Goal 2 led by the NSF constructs the actual NGI networks and also depends heavily upon the vBNS. NGI expects that Goal 1 development will, by this point, have overcome the speed bumps of incompatible performance capabilities and service models in switches, routers, local area networks, and workstations. In Goal 2, 100 sites (universities, federal research institutions, and other research partners) will be connected at speeds in excess of 100 times that of today's Internet.
As with I2, the vBNS would serve as a backbone for the network connecting NGI participants. To bring in other research partners and provide additional connectivity, the vBNS would interconnect to other federal research networks, including DREN (Defense), NREN (NASA), ESnet (DoE), and eventually SuperNet (DARPA's terabyte research network). The vBNS would also serve as a base for interconnecting to foreign high-performance networks, including the Canadian CA*net II, and others routed through the Science, Technology, and Research Transit Access Point (STAR-TAP) in Chicago.

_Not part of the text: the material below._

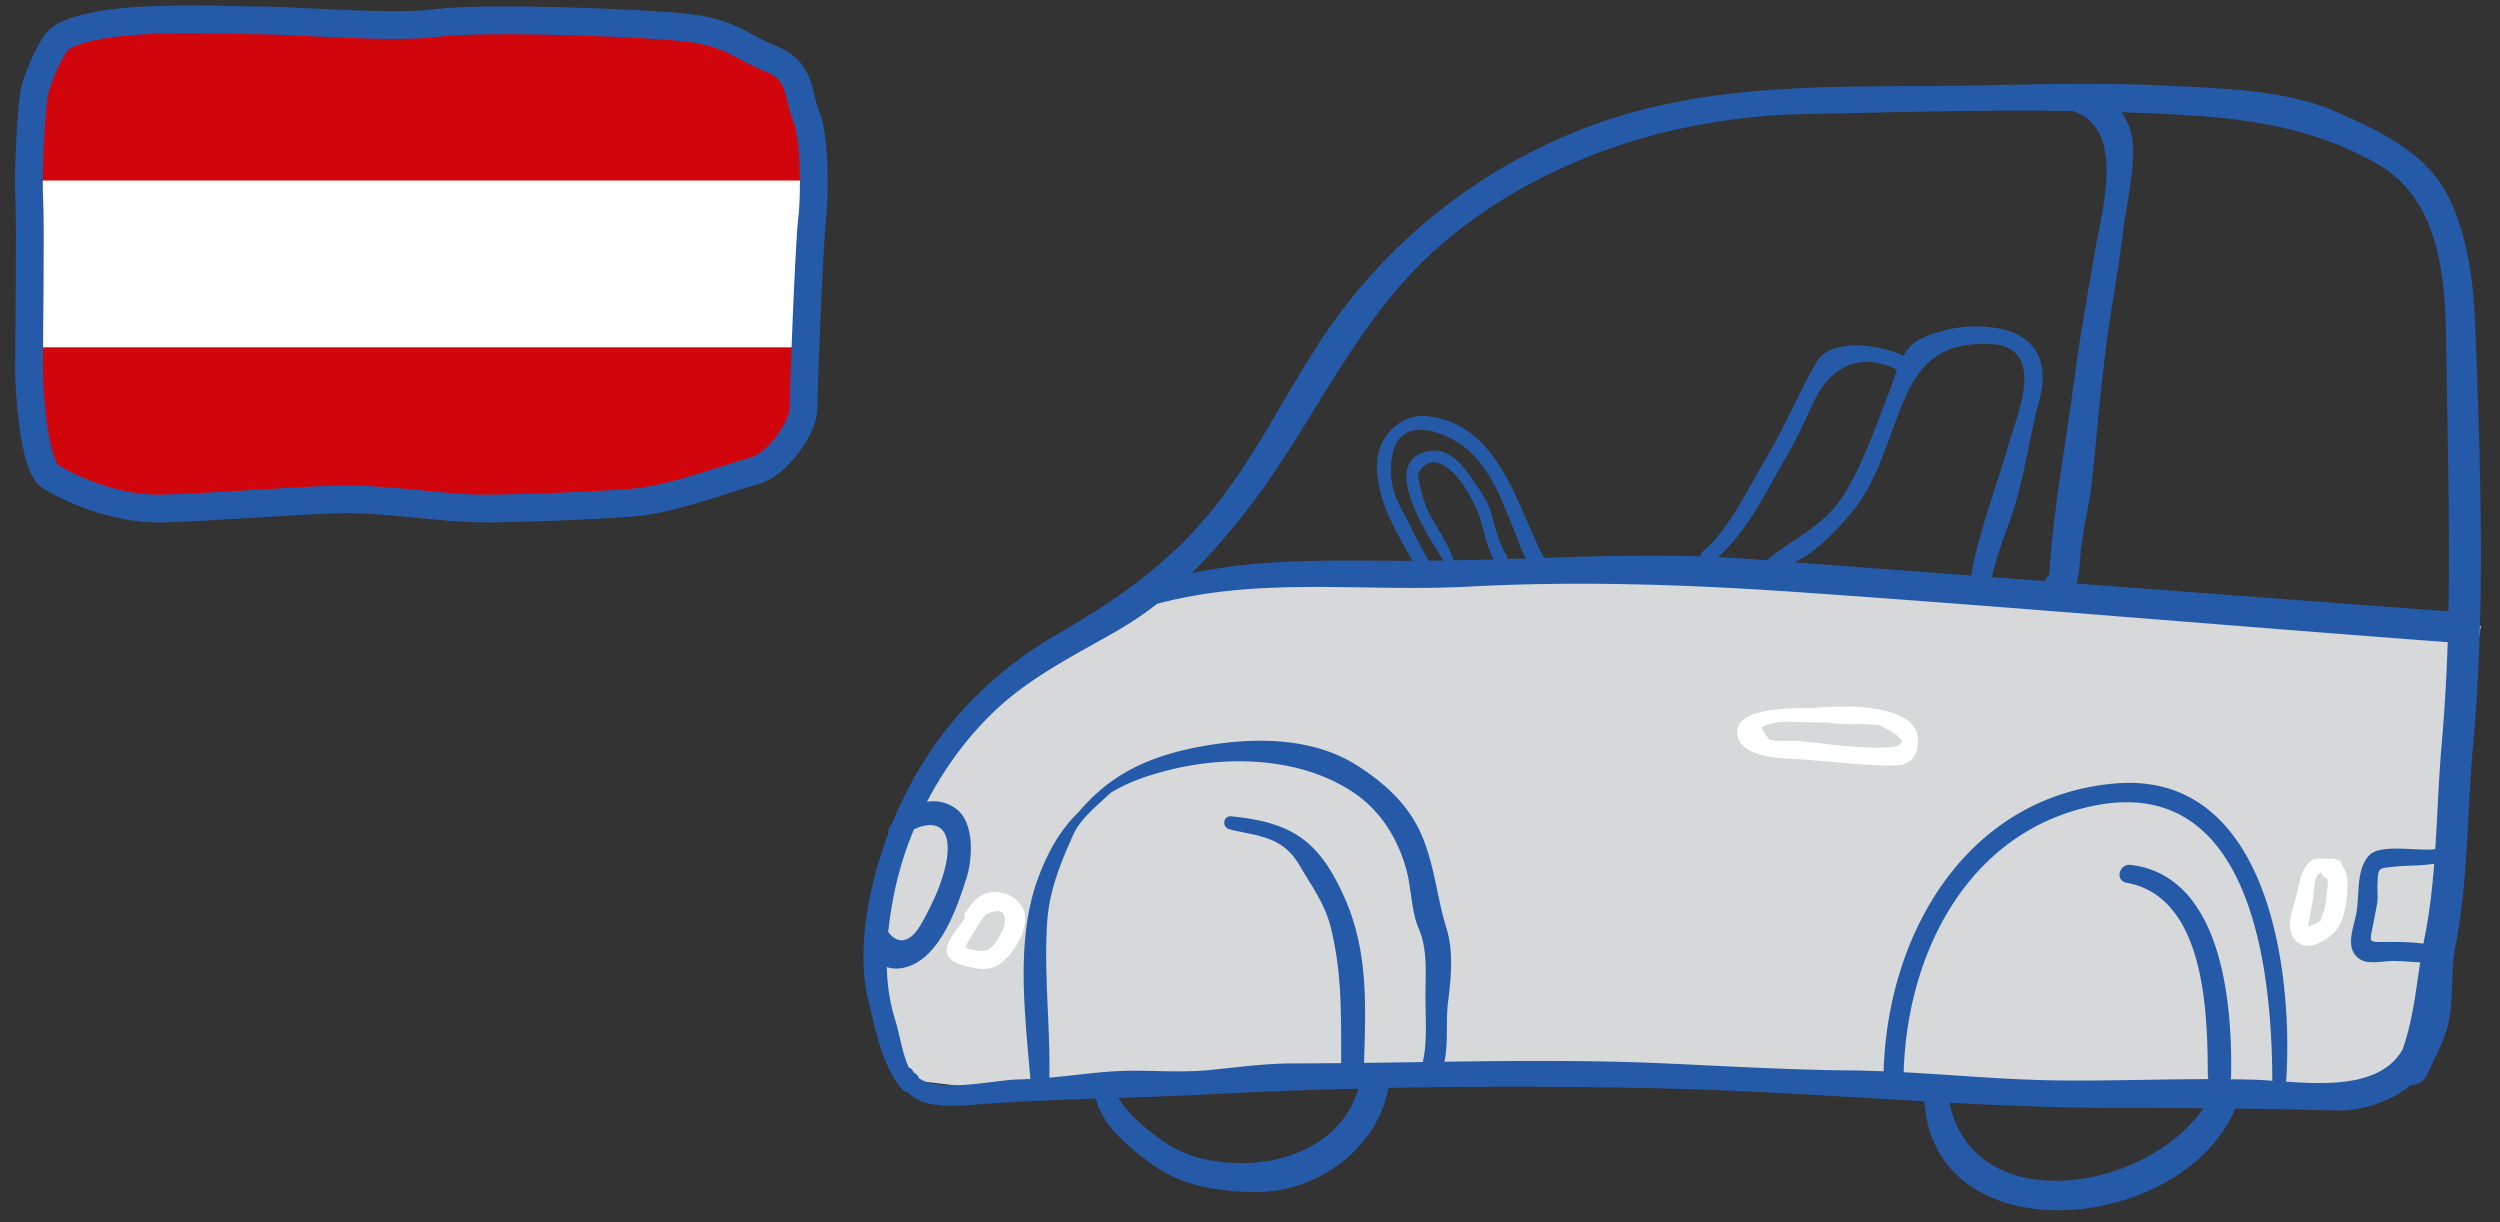 <svg xmlns="http://www.w3.org/2000/svg" xmlns:xlink="http://www.w3.org/1999/xlink" width="180" height="88" viewBox="0 0 180 88"><rect x="0" y="0" width="180" height="88" fill="#333333" stroke="none"/><defs><path id="a" d="M4.378 2.738c-.614.405-1.545 2.507-1.858 3.705-.309 1.198-.517 6.535-.416 7.95.107 1.415-.017 10.894-.017 12.198 0 1.309.309 6.973 1.558 7.736 1.25.762 4.556 2.395 8.163 2.287 3.615-.111 8.983-.547 12.394-.651 3.4-.114 7.74.652 10.525.652 2.789 0 8.261-.218 10.942-.438 2.684-.214 7.021-1.85 8.671-2.285 1.654-.438 3.51-3.16 3.51-4.467 0-1.305.415-11.982.618-13.617.209-1.636.209-5.991-.41-7.406-.622-1.413-.309-3.27-2.478-4.137-2.169-.873-2.787-1.744-5.475-2.182-2.679-.435-15.273-.872-18.575-.435-3.307.436-10.117-.178-12.804-.178-1.016 0-2.926-.077-5.056-.077-3.486.001-7.563.21-9.292 1.345"/></defs><clipPath id="b"><use xlink:href="#a" overflow="visible"/></clipPath><path clip-path="url(#b)" fill="#D1050C" d="M.074 1.39h58.567v12.008H.074zM.074 24.611h58.567V36.62H.074z"/><path clip-path="url(#b)" fill="#FFF" d="M.074 13h58.567v12.01H.074z"/><path fill="none" stroke="#255AA8" stroke-width="2" stroke-miterlimit="10" d="M4.378 2.738c-.614.405-1.545 2.509-1.858 3.703-.309 1.2-.517 6.537-.414 7.952.105 1.417-.018 10.894-.018 12.198 0 1.309.309 6.973 1.555 7.736 1.252.762 4.558 2.396 8.165 2.285 3.615-.109 8.983-.545 12.394-.65 3.4-.113 7.74.653 10.525.653 2.789 0 8.261-.218 10.942-.438 2.684-.215 7.021-1.85 8.673-2.283 1.654-.44 3.508-3.164 3.508-4.469s.413-11.982.62-13.615c.208-1.636.208-5.993-.412-7.408-.622-1.415-.309-3.271-2.478-4.135-2.169-.875-2.787-1.746-5.475-2.184-2.681-.435-15.273-.87-18.575-.435-3.307.436-10.119-.178-12.804-.178-1.016 0-2.926-.079-5.056-.079-3.485.001-7.563.212-9.292 1.347z"/><g><path fill="#D6D8DA" d="M80.13 44.507c.775-.518 3.877-2.231 5.584-3.104 1.706-.877 14.271-.487 14.271-.487l78.64 4.138-3.256 19.306-.932 11.786-5.583 2.792-40.329-1.548-57.391 1.034-6.204-.727-1.551-7.135v-5.896s3.413-8.152 3.413-9.307 7.445-6.822 7.445-6.822 4.963-3.411 5.893-4.03"/><path fill="#255AA8" d="M176.136 25.338c-.064-4.869-.229-10.879-5.066-13.593-4.125-2.316-8.411-3.107-13.087-3.418a158.57 158.57 0 0 0-5.222-.246c.201.306.395.676.578 1.136.679 1.665-.252 5.63-.424 7.043-.252 2.177-.639 4.345-.967 6.509-.606 3.98-.924 7.981-1.338 11.978-.173 1.644-.641 3.266-.791 4.925-.068.777-.098 1.582-.306 2.342 8.924.671 17.852 1.34 26.776 2.003.117-6.211-.076-12.393-.153-18.679m.102 20.899c-15.561-1.161-31.116-2.517-46.696-3.598-7.966-.55-15.826-.826-23.804-.403-7.629.407-14.974-.753-22.427 1.239a24.701 24.701 0 0 1-2.701 1.835c-3.091 1.796-6.333 3.362-8.96 5.846-1.961 1.855-3.625 4.112-4.906 6.568.727-.111 1.483.032 2.144.55 1.274.998 1.142 3.533.712 4.897-.673 2.13-1.924 5.875-4.459 6.488a2.373 2.373 0 0 1-1.292-.025c.034 1.278.208 2.546.601 3.791.321 1.033.5 2.368.981 3.434.124.04.235.121.302.263.019.044.05.075.076.117a.622.622 0 0 1 .349.382c1.489 1.097 5.65.119 7.048.106.324-.004.65-.027.979-.043-.376-4.658-1.104-10.081.595-14.557.761-2.012 1.655-3.472 2.908-4.688 2.067-2.451 4.631-3.867 8.333-4.606 3.8-.752 8.32-.896 11.749 1.317 2.063 1.333 3.796 2.932 4.713 5.279.853 2.175.986 4.233 1.667 6.422.508 1.619.333 3.554.116 5.229-.184 1.419.032 2.963-.268 4.364 5.313-.073 10.635-.116 15.924.123 4.424.2 8.861.461 13.288.504.805.006 1.609.033 2.413.064.273-9.878 5.922-19.707 16.521-20.714 11.146-1.065 12.971 13.391 12.466 21.369-.002.037-.016.06-.021.088 3.051.212 6.861.333 8.381-2.284h.006c.736-2.079.946-4.135 1.28-6.302-.644-.029-1.29-.101-1.94-.103-.623-.006-1.722.249-2.292-.064-1.249-.692-.612-2.156-.378-3.309.263-1.29-.052-3.252.974-4.266.839-.821 3.628-.231 4.708-.416h.012c.169-2.579.246-5.184.475-7.711.208-2.407.34-4.797.423-7.186m-.974 15.949c-1.018.173-2.035.106-3.062.233-.958.117-.983.048-1.026 1.27-.016.458.051.991-.035 1.441-.122.635-.247 1.27-.37 1.9-.139.704-.152.795.596.793 1.059-.004 2.089-.021 3.12.117.03-.138.051-.271.079-.414.353-1.743.557-3.534.698-5.34m-11.645 15.629c-.002-.03-.015-.054-.015-.086-.024-7.913-1.494-22.091-12.934-19.7-8.984 1.881-13.365 10.601-13.604 19.17 3.615.196 7.219.53 10.833.586 3.7.055 7.408-.085 11.111-.088a.872.872 0 0 1-.049-.287c-.017-4.424-.158-12.835-5.85-13.852-.85-.151-.54-1.382.288-1.285 6.646.783 7.34 10.098 7.238 15.199a.821.821 0 0 1-.04.233c.607.01 1.212.021 1.82.037.367.017.773.041 1.202.073m-4.974 1.98c-1.903-.013-3.809-.028-5.712-.024-4.189.008-8.378-.158-12.572-.376 1.748 8.342 14.077 6.487 18.284.4m-56.012-7.845c-.013-1.729.2-3.521-.502-5.135-.515-1.184-.515-2.916-.882-4.239-.621-2.223-1.856-4.211-3.787-5.51-3.728-2.502-8.853-2.698-13.105-1.671-1.456.354-3.052.855-4.399 1.692-.985.938-2.146 1.829-2.68 3.007-.926 2.057-1.742 4.052-1.885 6.338-.239 3.752.234 7.427.16 11.16 1.43-.132 2.86-.322 4.292-.434 2.374-.188 4.755.115 7.13-.105 1.986-.188 3.978-.479 5.969-.486 1.208 0 2.415-.014 3.622-.024-.016-3.339.083-6.4-.741-9.73-.433-1.766-1.364-2.963-2.241-4.483-1.236-2.128-2.943-2.107-5.047-2.614-.585-.142-.49-1.001.128-.94 4.331.438 6.283 1.695 8.132 5.836 1.74 3.894 1.531 7.836 1.414 11.914 1.409-.016 2.818-.036 4.228-.059.329-1.342.201-3.153.194-4.517m-4.84 6.433c-3.587.088-7.178.22-10.757.407-2.171.113-4.343.185-6.512.257.797 1.392 2.868 2.97 3.958 3.575 1.53.851 3.247 1.116 4.962 1.12 3.666.015 7.371-1.809 8.349-5.359M63.95 67.103c.667.915 1.576.805 2.34-.514.577-1.006 1.158-2.18 1.515-3.27.244-.754.439-1.512.426-2.312-.026-1.756-1.247-1.856-2.423-1.299a24.717 24.717 0 0 0-1.417 4.567c-.191.933-.34 1.879-.441 2.828m42.529-30.02c-.383-1.062-1.435-2.987-2.474-3.532-.759-.485-1.395-.3-1.915.545.04.319.093.638.166.949.171.7.389 1.513.762 2.144.595 1.034 1.265 2.026 1.656 3.153.96-.018 1.918-.036 2.871-.063-.555-1.004-.685-2.125-1.066-3.196m1.98 2.876a.47.47 0 0 1 .069.289c.442-.013.882-.022 1.324-.04-1.239-2.687-2.011-6.015-4.288-7.916-1.285-1.074-4.674-2.604-5.304.429-.271 1.333-.07 2.584.565 3.769.69 1.287 1.319 2.606 2.04 3.884.35-.005.703-.016 1.058-.02-1.383-2.19-4.717-7.386-.875-7.899 1.261-.165 2.283 1.027 2.896 1.961.503.761 1.117 1.503 1.38 2.393.309 1.04.539 2.216 1.135 3.15m24.335-4.397c1.42-2.33 2.239-4.855 3.235-7.368.186-.467.354-1.018.558-1.559-2.56-1.331-4.765-.269-5.935 2.186-.623 1.307-1.206 2.657-1.948 3.906-1.39 2.355-2.865 5.546-5.009 7.382.727.037 1.456.076 2.184.132.448.033.889.066 1.33.101 1.948-1.653 4.147-2.423 5.585-4.78m-3.605 4.925c4.242.317 8.484.636 12.726.952.561-3.137 1.842-6.438 2.711-9.473.614-2.146 2.797-7.014-1.333-7.194-3.147-.136-4.853 1.021-6.106 3.821-1.27 2.852-1.898 6.058-4.023 8.486-1.01 1.158-2.405 2.703-3.975 3.408m-43.382.78c5.229-1.103 10.437-.887 15.906-.888-1.288-2.225-2.713-4.589-2.555-7.213.106-1.731 1.715-3.382 3.514-3.207 5.233.514 6.46 6.273 8.488 10.21 3.748-.124 7.489-.229 11.262-.109 0-.123.055-.247.182-.353 1.865-1.549 3.35-4.686 4.579-6.761 1.315-2.227 2.3-4.621 3.591-6.857 1.053-1.824 4.684-1.252 6.28-.471.301-.53.69-.981 1.257-1.237 1.638-.746 3.291-1.009 5.095-.807 2.898.326 4.244 2.203 3.435 5.197-.779 2.874-1.127 5.992-2.151 8.772-.471 1.274-.977 2.653-1.279 4.011 1.281.094 2.562.193 3.841.285a.784.784 0 0 1 .298-.453c.277-4.699 1.191-9.446 1.804-14.11.402-3.06.95-6.082 1.468-9.125.511-3.021 2.282-8.878-1.58-10.156-6.471-.095-12.972.089-19.396.222-9.04.187-18.153 3.001-25.267 8.715-6.967 5.597-9.81 13.567-15.232 20.356-1.133 1.413-2.294 2.744-3.54 3.979m92.257 12.363c-.441 4.834-.344 9.818-1.288 14.572-.377 1.896-.045 4.21-.64 6.022-.365 1.115-.884 2.045-1.351 3.087-.22.487-.581.804-1.144.804h-.064c-1.452 1.244-3.614 1.892-5.377 1.841a463.19 463.19 0 0 0-7.259-.14c-3.789 9.02-21.643 10.667-22.386-.523-6.29-.349-12.579-.786-18.86-.926a466.814 466.814 0 0 0-19.73-.035c-.8 4.425-5.262 7.636-9.82 7.495-2.866-.09-5.204-.48-7.509-2.218-1.541-1.165-3.268-2.614-3.736-4.512-2.845.097-5.689.208-8.533.421-1.609.124-3.917.318-4.978-.863a.664.664 0 0 1-.397-.199c-1.472-1.601-1.997-4.493-2.499-6.531-.615-2.504-.278-5.688.311-8.152.313-1.31.708-2.575 1.166-3.789a.584.584 0 0 1 .098-.468c.055-.081.112-.162.175-.237 2.326-5.754 6.321-10.406 11.911-13.633 4.594-2.653 8.441-5.382 11.692-9.648 2.624-3.44 4.544-7.256 6.861-10.892 4.617-7.269 11.345-12.782 19.406-15.884 8.783-3.377 17.775-2.927 27.015-3.054 4.877-.068 9.759-.251 14.635-.008 4.103.211 8.833.256 12.659 1.976 3.136 1.413 6.486 2.992 8 6.316 1.59 3.495 1.735 7.017 1.866 10.797.334 9.524.639 18.884-.224 28.381"/><path fill="#FFF" d="M167.588 63.396a.327.327 0 0 1 .001-.123.702.702 0 0 1-.479-.47c-.197.104-.349.277-.41.569-.098.428-.1.859-.161 1.288-.031.229-.36 2.055-.375 2.061.296-.11.613-.256.899-.384-.043.018.267-.771.29-.845.112-.39.151-.835.188-1.238.03-.274.084-.582.047-.858m1.431.068c.012 1.011-.118 2.3-.605 3.2-.418.771-2.005 1.878-2.92 1.229-1.249-.882-.222-2.815-.009-4.006.123-.69.306-1.352.817-1.849.3-.291.867-.251 1.368-.189a.691.691 0 0 1 .594.074.284.284 0 0 0 .05.006c.191.012.279.163.285.318.261.358.42.861.42 1.217M71.586 65.625a3.04 3.04 0 0 0-.601.21 6.64 6.64 0 0 0-.743 1.079c-.212.378-.572.865-.73 1.312.45.198 1.288.309 1.559.184.496-.224.929-.996 1.133-1.479.222-.524.322-1.511-.618-1.306m.945 3.306c-.651.705-1.391.961-2.334.771-.632-.127-1.589-.272-1.939-.89-.407-.726.626-1.864.997-2.409.068-.097.141-.188.213-.279a.425.425 0 0 1 .034-.404c.471-.635.822-1.269 1.67-1.443.857-.175 1.721.118 2.268.804.914 1.143-.089 2.957-.909 3.85M135.289 52.205l-1.192-.072c-.47.017-.94.012-1.407 0-.317-.021-.728-.063-1.189-.109-1.085-.007-2.177-.063-3.232-.06-.54.062-1.036.186-1.432.396.068.225.255.525.587.904l.637.096c.438-.027.871-.031 1.303-.014.782.049 1.543.165 2.318.247 1.491.16 3.096.318 4.602.194 1.096-.194.766-.72-.995-1.582m2.803 1.129c0 1.113-.536 1.788-1.708 1.788-2.583 0-5.084-.395-7.647-.497-1.013-.042-3.314-.289-3.615-1.558-.437-1.84 2.518-2.105 5.259-2.08 1.738-.151 3.595-.205 5.141.137 1.177.264 2.57.781 2.57 2.21"/></g></svg>

Goal 2 of the NGI project also has the most planned collaboration with Internet2. NGI officials foresee the NSF supporting the GigaPoPs that would interconnect the I2 institutions and coordinating I2 and NGI interconnectivity to support interoperability and shared experimentation with NGI technologies and applications.
The Internet speed comes in the second, high-risk, high-security, test bed planned for the second phase of Goal 2. In this phase, 10 sites will be connected on a network employing ultra high speed switching and transmission technologies and end to end network connectivity at more than 1 gigabit per second, approximately 1000 times faster than today's Internet. This 1 gigabit per second network is intended to provide the research base for an eventual Terabyte per second network that would employ NGI conceived and developed technologies for harnessing such speed. A 1 Terabyte per second network additionally takes advantage of optical technology pioneered by DARPA.
The impossible becomes commonplace
The current Internet exploded once it was opened up for commercial use and privatisation. Both I2 and NGI include industry as part of their advisory and actual or envisioned working teams, a nod to the future when the technologies or applications developed within either initiative, be they Terabyte per second networks, quality of service tools, digital libraries, or remote collaboration environments, are ready for and applicable to the market place.
On today's Internet it sometimes takes many seconds to get one picture, while on tomorrow's Internet, you're going to get many pictures in one second. This means high definition video, such as that being used now for scientific visualisation. It's only a matter of time until industry seizes upon and spins this technology off into other worlds of interest to folks outside the sciences, like the entertainment industry.
Both initiatives have obstacles before them, I2 depends upon academic resources and investment, and NGI relies on Congressional budgets and endorsement.
Still, there is cautious hope within their respective communities that I2 and NGI can create not a new Internet, but a new Internet environment.